We have evaluated the immune response of cattle that have been vaccinated subcutaneously or not with BCG in blood and in lymph nodes (LN) before and after vaccination. The LN in mammals is thought to be the site in which the immune response to pathogens is generated and the rational of this project was to determine the natural variation that exists in the lymph node of individuals before and after vaccination with BGC and any possible correlation between this variation and the immune responses detected in peripheral blood. As a group, animals inoculated with BCG showed IFNɣ responses following stimulation with mycobacterial antigens overnight, however, there was animal to animal variation. To evaluate responses in draining lymph nodes, we performed LN aspirates. The amount of cells recovered from LNs varied from animal to animal and additionally temporal variation in the recovery of cells from aspirates within the same animal was observed. We noticed at the end of the experiment, when LNs were harvested, that recovery of LN aspirates by needle puncture (we used a 14” gauge needle which was the smallest bore needle we could use) was inducing relatively large damage to the LN, enough to induce noticeable haemorrhage in the harvested LNs.
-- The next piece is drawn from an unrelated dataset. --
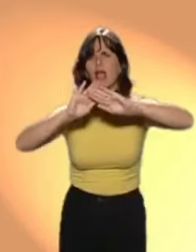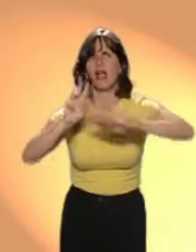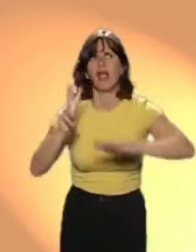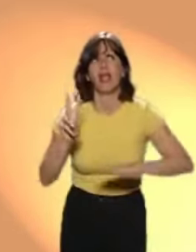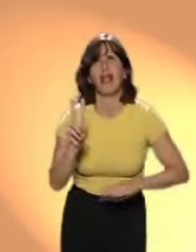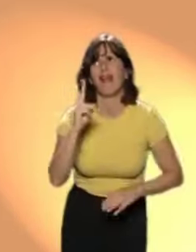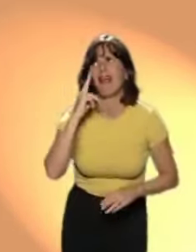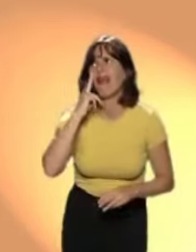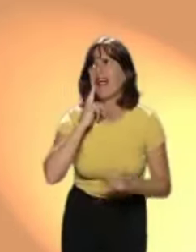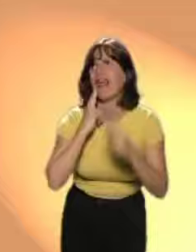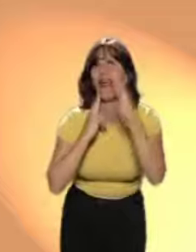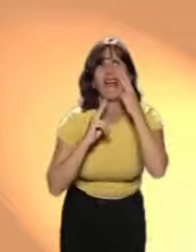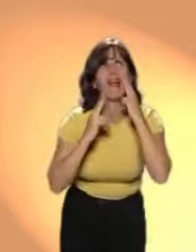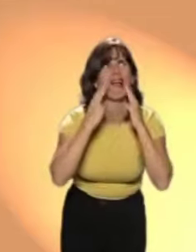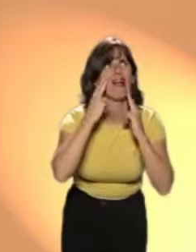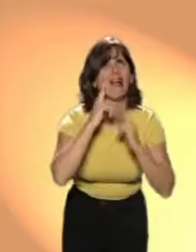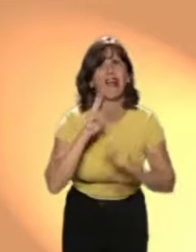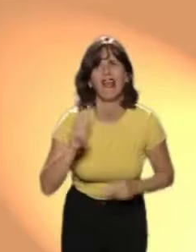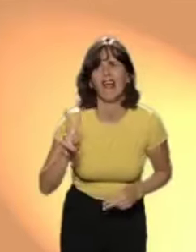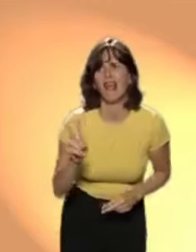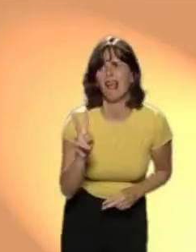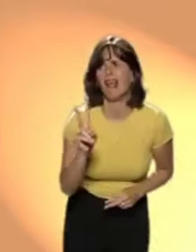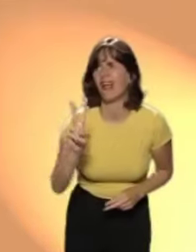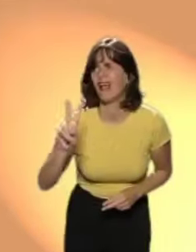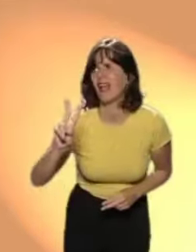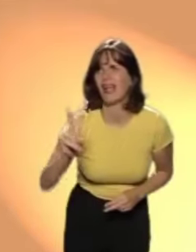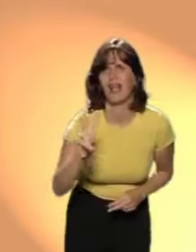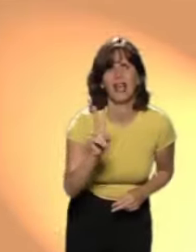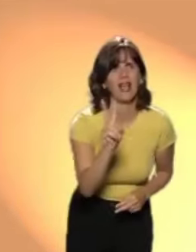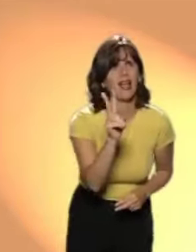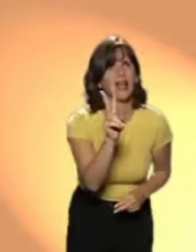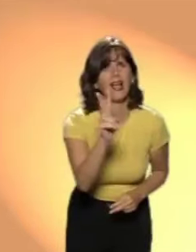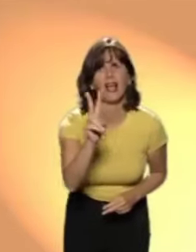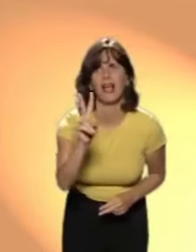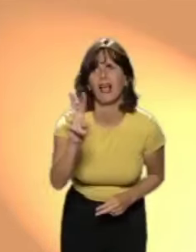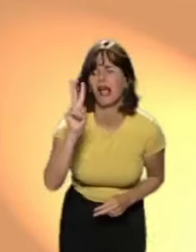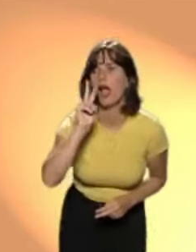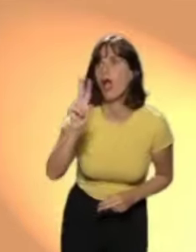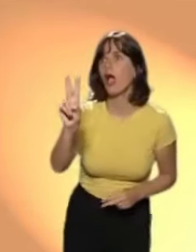miedo. Fue anocheciendo y cada vez tenían más miedo.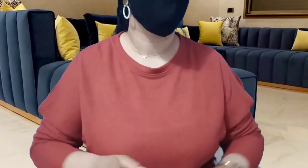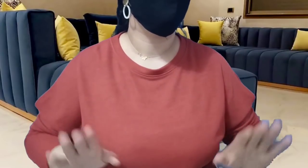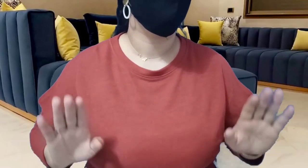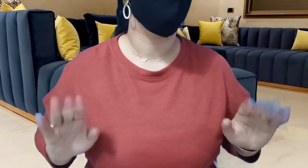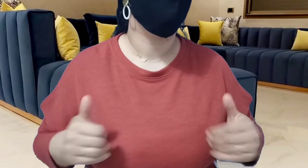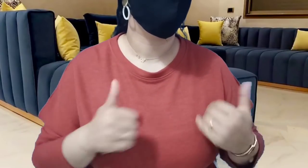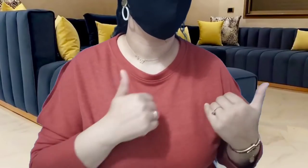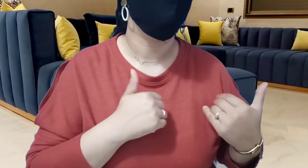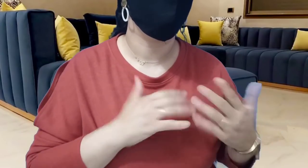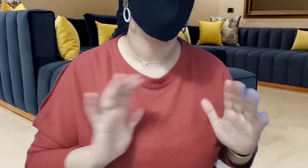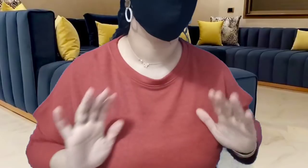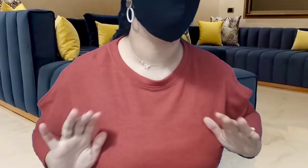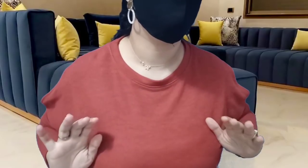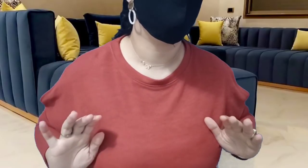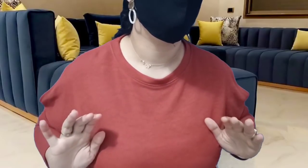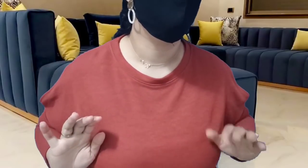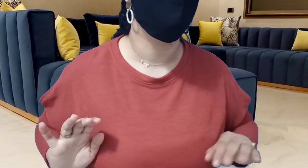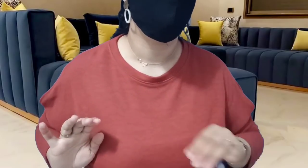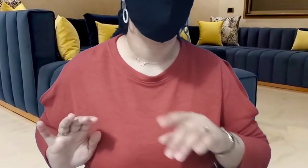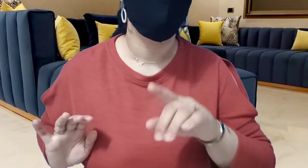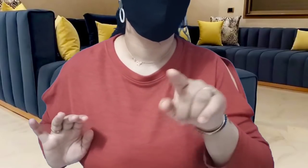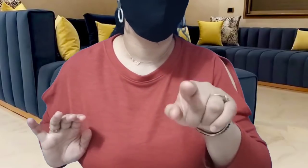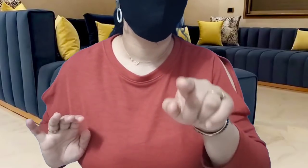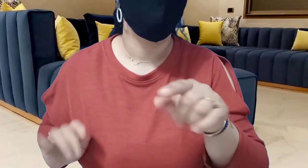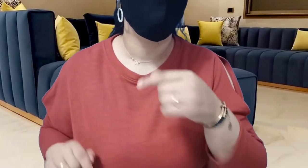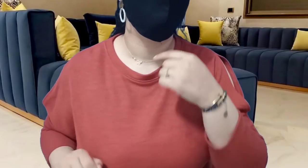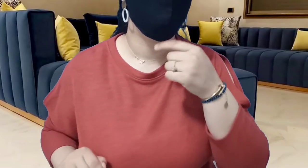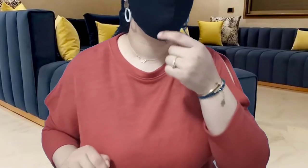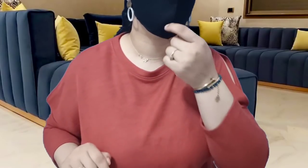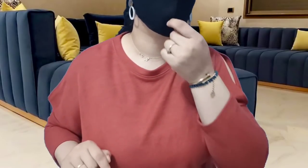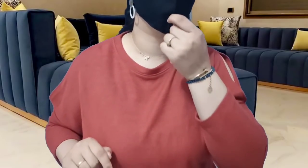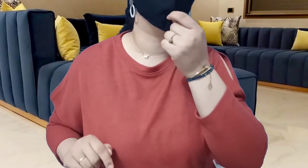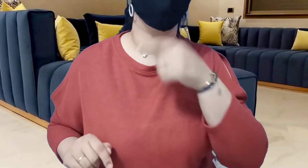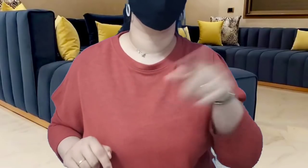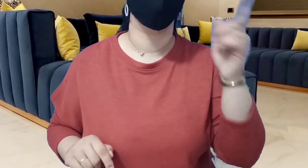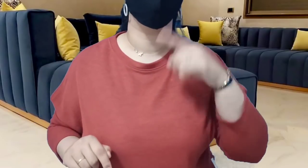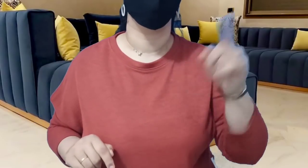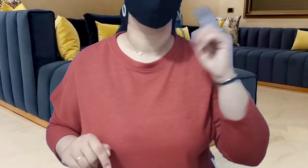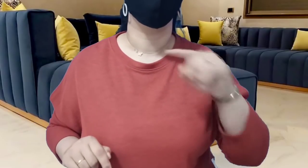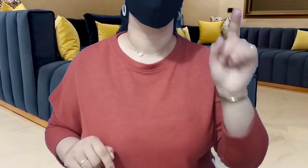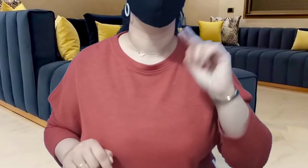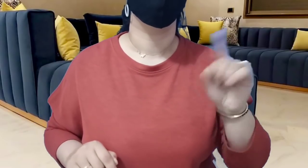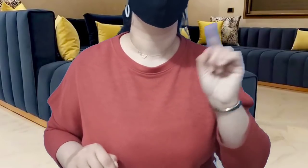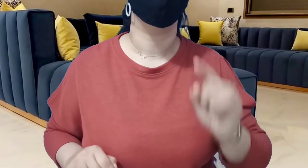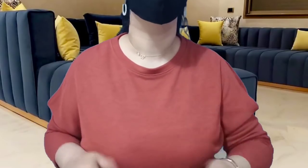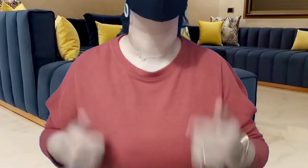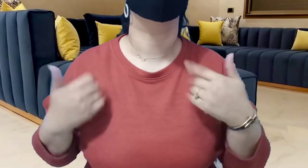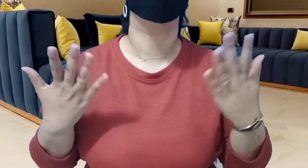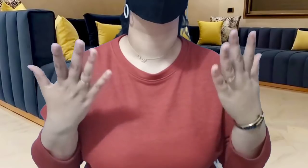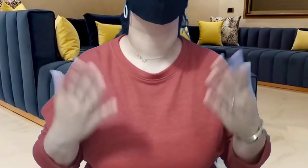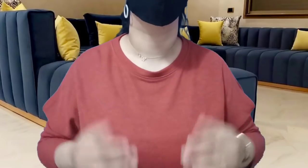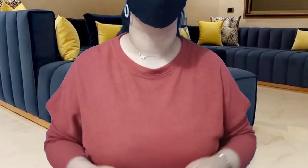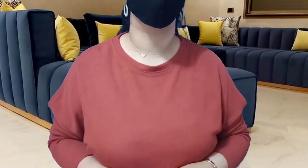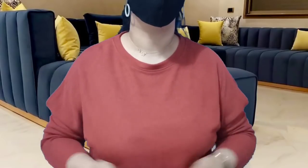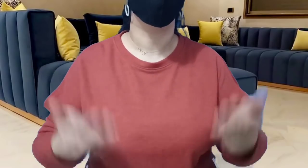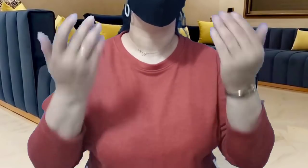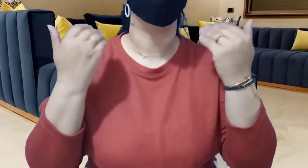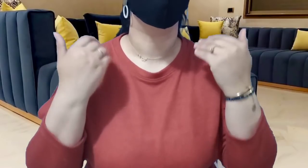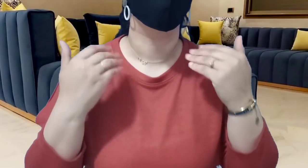سيدة قايمة بيه لكن هاد الشيء هاد الشيء اللي خرج منك تستاهل عليه الحبس حيث ثاميرا

Using whole blood and LN aspirate we evaluated the transcription of effector molecules thought to play a role in the immune response to mycobacteria such as IFNɣ, TNFα and perforin, amongst others. We found that there was a trend for a transient increase in the transcription of TNFα in both, blood and LN aspirates. No other difference in any other effector molecule transcript was detected. PBMC samples from these animals have been bio-banked for future experiments.